Having a sleep mode to shut off the central locking system and any other loads when a car stands for a long period is something that most people would find useful because it would give them more chance of starting their car. It would make more sense for manufacturers to fit a small solar panel on the roof and activate the sleep mode by falling battery voltage than by time. Solar panels are now widely used to keep batteries topped up on boats and RVs, so it only a matter of time before car manufacturers catch up.

That’s probably my last word on the subject and thank you for alerting us to the problem.

Isbjorn says:
5 November 2014

I nearly forgot to mention two further twists of interest to Landrover owners:-

1) owners should not anticipate that merely reaching around an obstruction such as a lamp post or litter bin to be able to deploy the emergency key blade in the lock will make everything hunky-dory – oh no, it’s not that simple. My experiments reveal that operating the key merely unlocks the passenger door, there is no effect on any of the other doors, which remain resolutely locked. Neither will any of the internal door or window operating buttons do anything. In order to get things back to rights it is necessary to subsequently insert the key fob into the docking station. This is adjacent to the steering wheel so, unless owners have exceptionally long arms, then it is necessary to make a full-body entry into the car, through the newly unlocked passenger door. Due to the thickness of the cross section of the door, it is necessary for myself to have not less than 52 cms of clear space outboard of the passenger door. I am slim, many other owners may well require considerably more free space. I leave it up to owners to decide for themselves what margin of distance they individually want to make sure they allow when parking near an immovable object.

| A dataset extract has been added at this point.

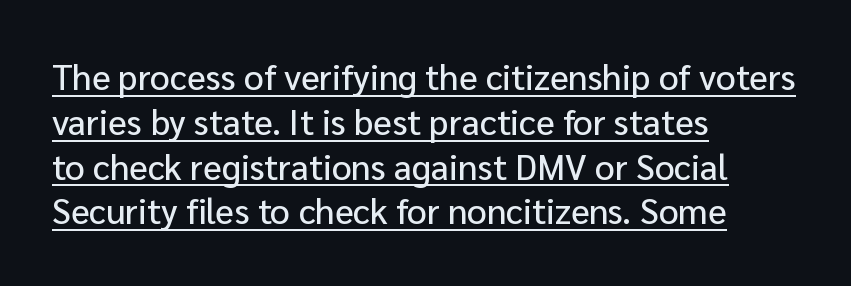
{"serif": "no", "italic": "no", "width": "normal", "stroke_contrast": "low", "x_height": "medium", "monospaced": "no", "underline": "yes", "align": "left", "line_spacing": "normal", "line_spacing_ratio": 1.28, "letter_spacing": "normal", "letter_spacing_em": 0.0, "glyph_px": 35}
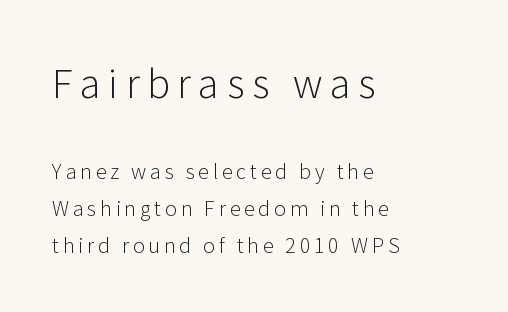
{"serif": "no", "italic": "no", "bold": "no", "weight": "light", "width": "normal", "stroke_contrast": "low", "x_height": "medium", "monospaced": "no", "underline": "no", "align": "left", "line_spacing_ratio": 1.85, "larger_block": "first", "size_ratio": 1.95, "glyph_px": 39}
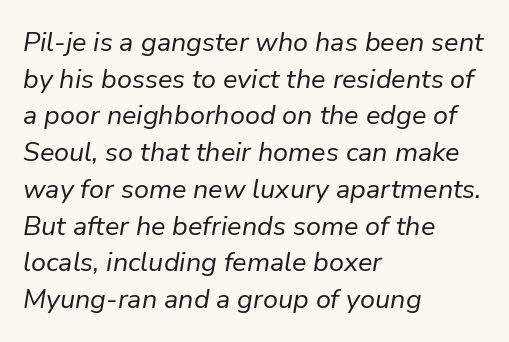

2) I will never again use the “double locking” facility (press the key fob button twice). If “single locked” then, having made a gap, by force, through which to insert a device to get a hold onto the internal door handle, pulling said handle will result in opening the door. If the vehicle has been double locked then pulling on said door handle will not result in any effect. I presume at that point, that anyone finding themselves in such a position will have little other option than to resort to such methods as breaking a glass window and getting their arms, head, shoulders and maybe upper chest through, past any remaining jagged edges, to be able to insert the key fob into the docking station.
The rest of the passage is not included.